Top of INPUT MATERIAL

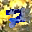
Label: 7
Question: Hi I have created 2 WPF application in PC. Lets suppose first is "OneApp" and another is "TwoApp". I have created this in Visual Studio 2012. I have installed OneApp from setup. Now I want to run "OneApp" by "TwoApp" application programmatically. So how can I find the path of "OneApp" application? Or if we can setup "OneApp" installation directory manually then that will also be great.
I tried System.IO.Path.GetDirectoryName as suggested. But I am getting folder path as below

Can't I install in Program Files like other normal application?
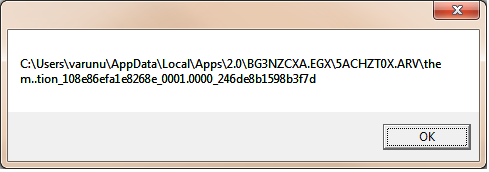
Answer: After all hit and try method. I just found a better solution for this problem in a blog. Link is
<URL>
My code is to get the application: First get the short cut of that application, then open that shortcut will work fine. You can also see, how to send data to other application in above link.
'''
StringBuilder sb = new StringBuilder();
sb.Append(Environment.GetFolderPath(Environment.SpecialFolder.Programs));
sb.Append("\");
//publisher name is OneApp
sb.Append("OneApp");
sb.Append("\");
//product name is OneApp
sb.Append("OneApp.appref-ms");
string shortcutPath = sb.ToString();
Console.WriteLine(shortcutPath);
//Start the One App installed application from shortcut
System.Diagnostics.Process.Start(shortcutPath);
'''
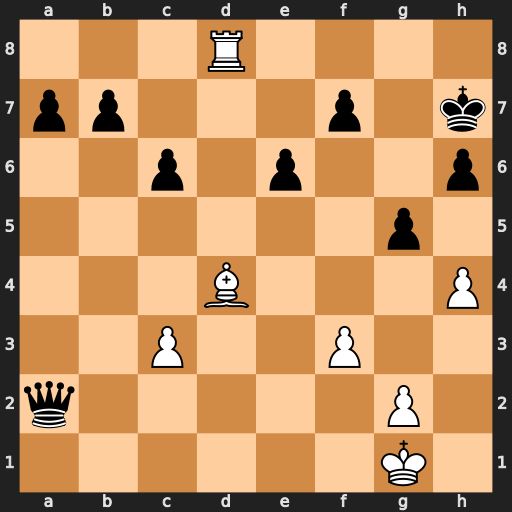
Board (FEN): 3R4/pp3p1k/2p1p2p/6p1/3B3P/2P2P2/q5P1/6K1
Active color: w
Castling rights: -
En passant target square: -
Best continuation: h5 e5 Bxe5 f6 Bxf6
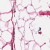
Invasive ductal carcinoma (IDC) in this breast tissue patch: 0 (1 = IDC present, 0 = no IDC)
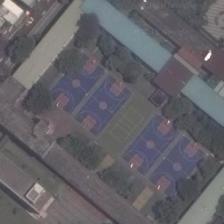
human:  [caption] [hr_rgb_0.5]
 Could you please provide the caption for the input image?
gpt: these basketball courts are surrounded by a house in a rectangular area .

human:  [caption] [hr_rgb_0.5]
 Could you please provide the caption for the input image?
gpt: several long buildings and some green plants are around four basketball fields .

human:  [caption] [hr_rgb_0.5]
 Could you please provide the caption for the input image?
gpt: four badminton fields are surrounded by grey buildings .

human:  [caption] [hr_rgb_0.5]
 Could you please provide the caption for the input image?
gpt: four basketball fields are surround by some green trees and many buildings .

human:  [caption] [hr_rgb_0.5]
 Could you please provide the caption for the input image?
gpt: four basketball fields are surrounded by many trees and houses .
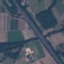
Land use / land cover: Highway

Bottom of INPUT MATERIAL

* [WORK INSTRUCTIONS]: In the records above, find the line with "Board (FEN): 3R4/pp3p1k/2p1p2p/6p1/3B3P/2P2P2/q5P1/6K1" and the line with "gpt: these basketball". Write out exactly those lines and every one between, with no pictures and no other lines.

* [ANSWER SECTION]:
Board (FEN): 3R4/pp3p1k/2p1p2p/6p1/3B3P/2P2P2/q5P1/6K1
Active color: w
Castling rights: -
En passant target square: -
Best continuation: h5 e5 Bxe5 f6 Bxf6
Invasive ductal carcinoma (IDC) in this breast tissue patch: 0 (1 = IDC present, 0 = no IDC)
human:  [caption] [hr_rgb_0.5]
 Could you please provide the caption for the input image?
gpt: these basketball courts are surrounded by a house in a rectangular area .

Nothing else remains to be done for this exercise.